**TO DO:** Below are the records; locate each line with the word "fill" and copy it.

--------------------------------

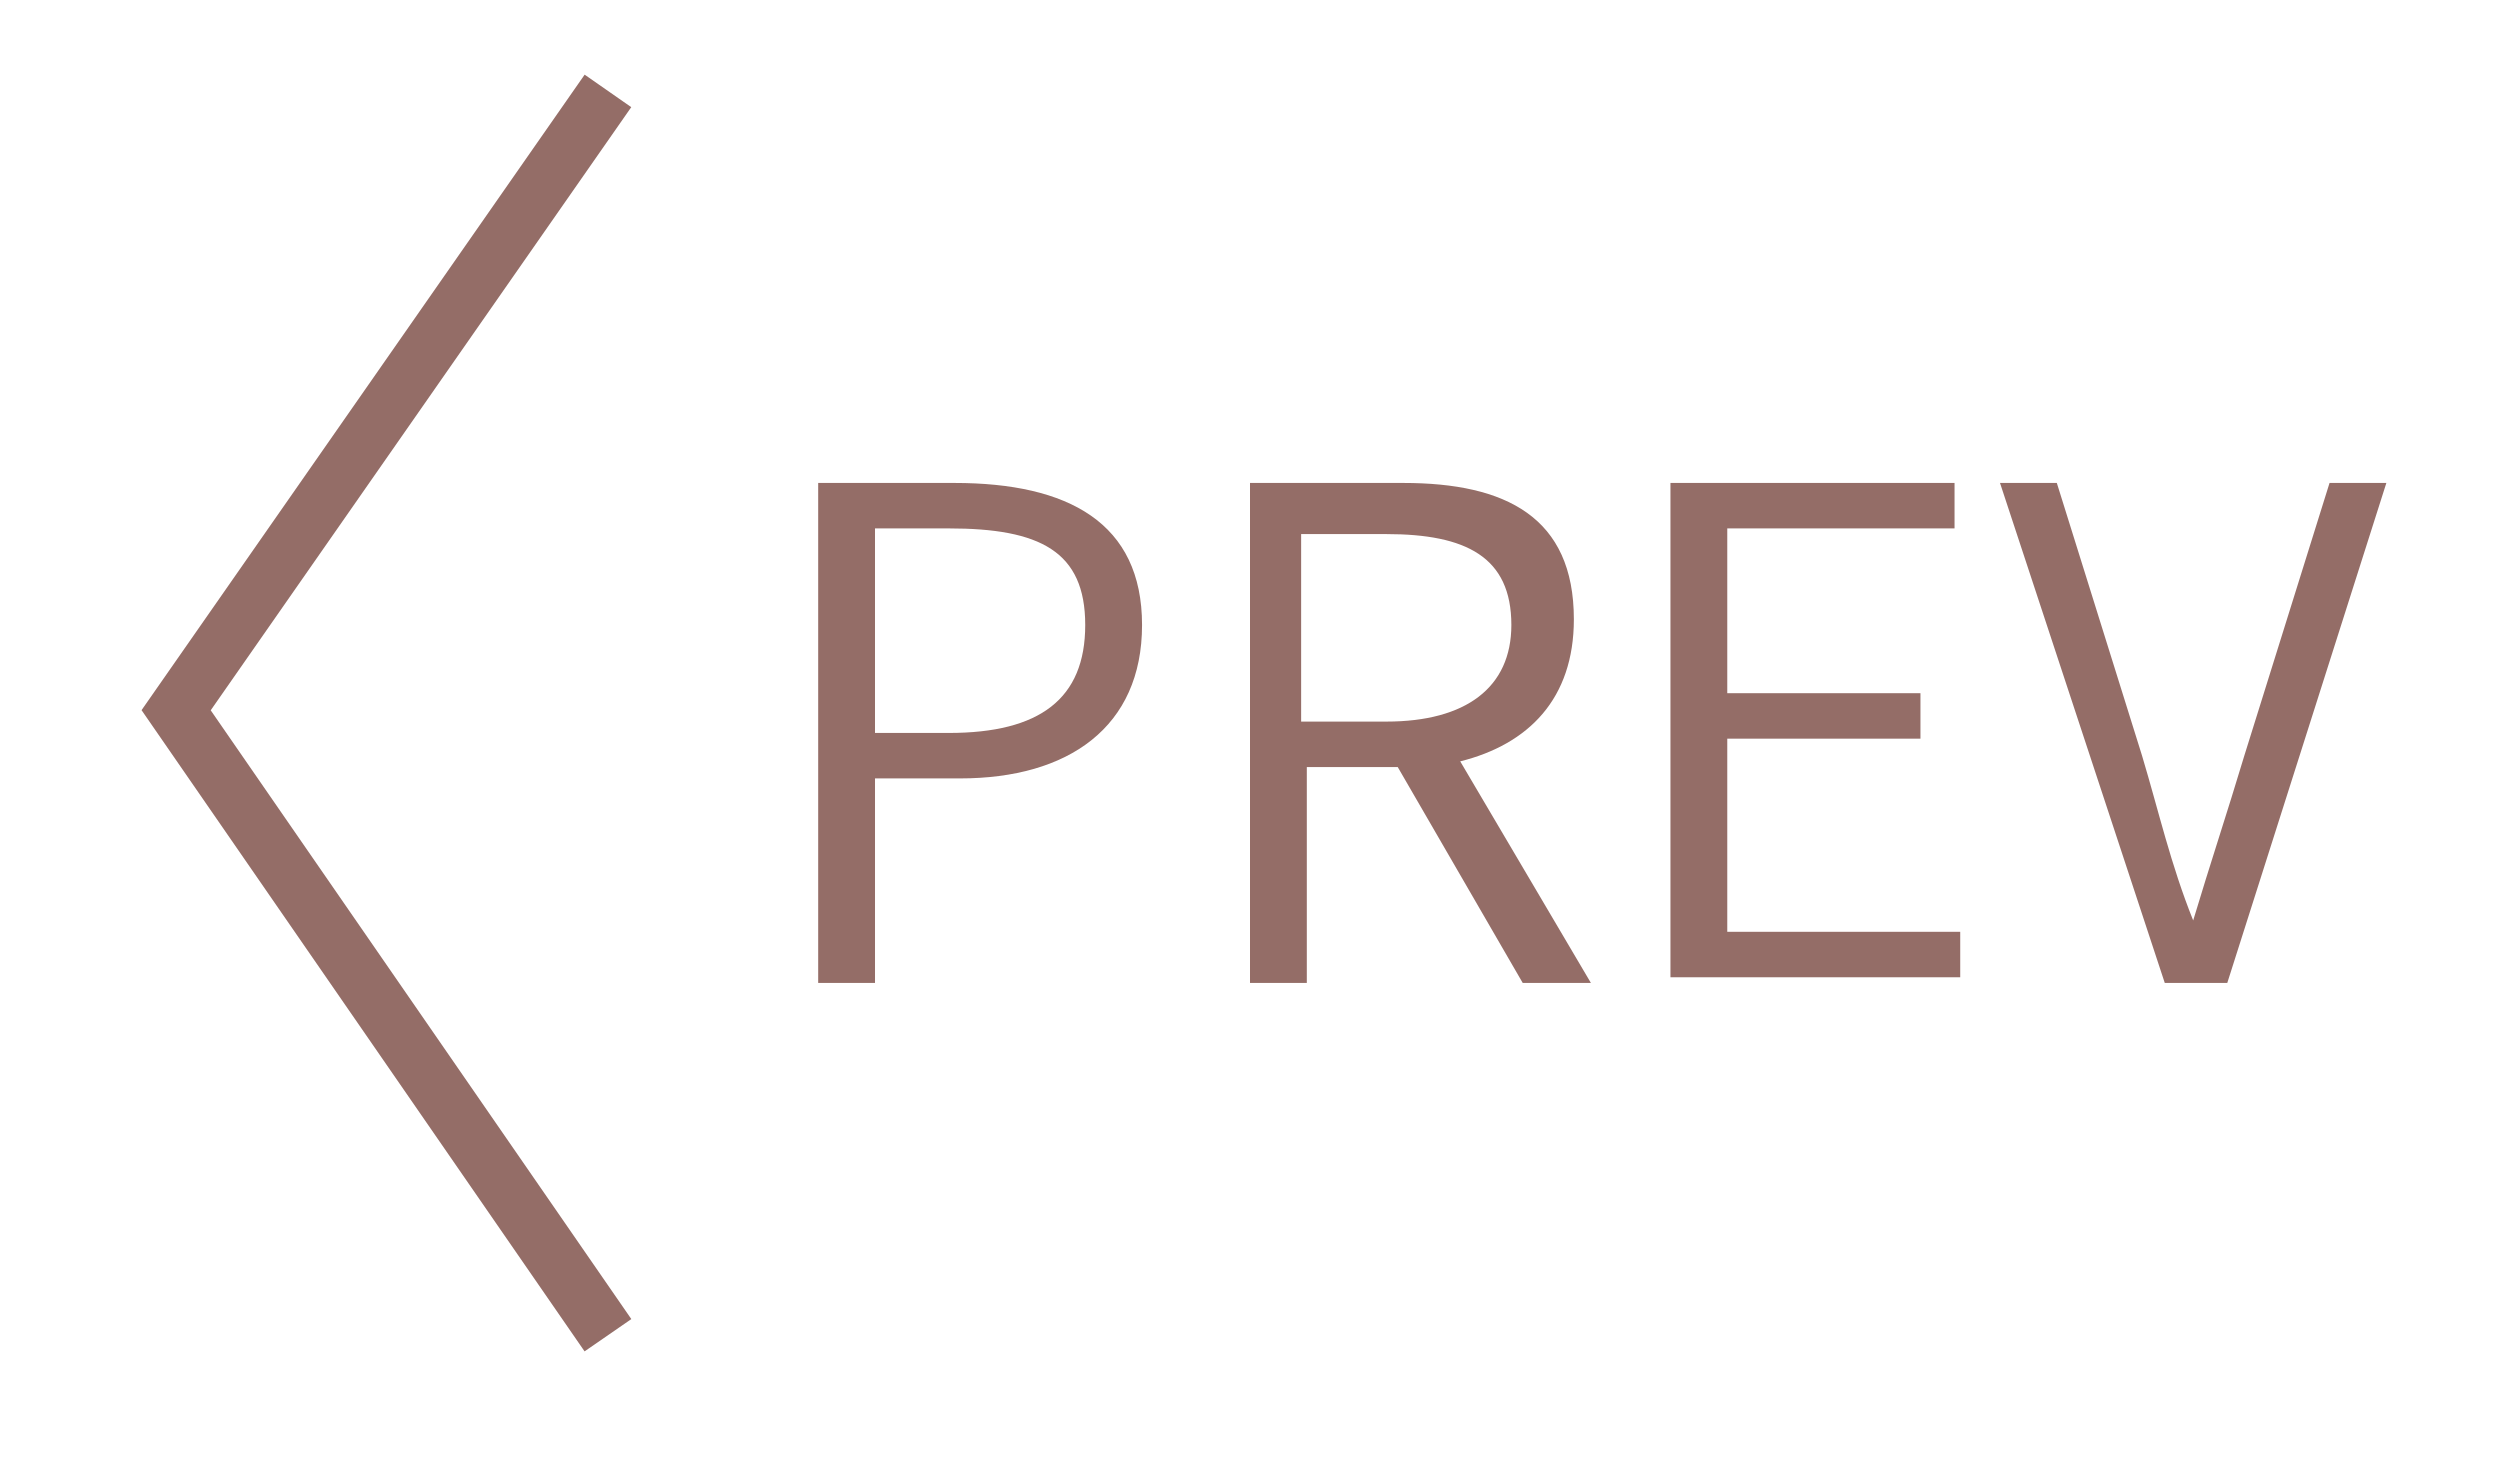 <?xml version="1.0" encoding="utf-8"?>
<!-- Generator: Adobe Illustrator 27.9.0, SVG Export Plug-In . SVG Version: 6.00 Build 0)  -->
<!DOCTYPE svg PUBLIC "-//W3C//DTD SVG 1.1//EN" "http://www.w3.org/Graphics/SVG/1.1/DTD/svg11.dtd">
<svg version="1.1" id="レイヤー_1" xmlns:x="http://ns.adobe.com/Extensibility/1.0/" xmlns:i="http://ns.adobe.com/AdobeIllustrator/10.0/" xmlns:graph="http://ns.adobe.com/Graphs/1.0/"
	 xmlns="http://www.w3.org/2000/svg" xmlns:xlink="http://www.w3.org/1999/xlink" x="0px" y="0px" viewBox="0 0 44 26"
	 style="enable-background:new 0 0 44 26;" xml:space="preserve">
<style type="text/css">
	.st0{fill:none;stroke:#946D67;stroke-miterlimit:10;}
	.st1{fill:#946D67;}
</style>
<polyline class="st0" points="10.7,1.6 3.1,12.5 10.7,23.5 "/>
<g>
	<path class="st1" d="M14.4,8.5h2.4c2,0,3.3,0.7,3.3,2.5s-1.3,2.7-3.2,2.7h-1.5v3.6h-1C14.4,17.3,14.4,8.5,14.4,8.5z M16.7,12.9
		c1.6,0,2.4-0.6,2.4-1.9s-0.8-1.7-2.4-1.7h-1.3v3.6H16.7z"/>
	<path class="st1" d="M26.8,17.3l-2.2-3.8H23v3.8h-1V8.5h2.7c1.8,0,3,0.6,3,2.4c0,1.4-0.8,2.2-2,2.5l2.3,3.9H26.8z M22.9,12.7h1.5
		c1.4,0,2.2-0.6,2.2-1.7c0-1.2-0.8-1.6-2.2-1.6h-1.5V12.7z"/>
	<path class="st1" d="M29.4,8.5h5v0.8h-4v2.9h3.4V13h-3.4v3.4h4.1v0.8h-5.1C29.4,17.2,29.4,8.5,29.4,8.5z"/>
	<path class="st1" d="M35.2,8.5h1l1.5,4.8c0.3,1,0.5,1.9,0.9,2.9l0,0c0.3-1,0.6-1.9,0.9-2.9L41,8.5h1l-2.8,8.8h-1.1L35.2,8.5z"/>
</g>
</svg>

--------------------------------

**TASK SOLUTION:**
	.st0{fill:none;stroke:#946D67;stroke-miterlimit:10;}
	.st1{fill:#946D67;}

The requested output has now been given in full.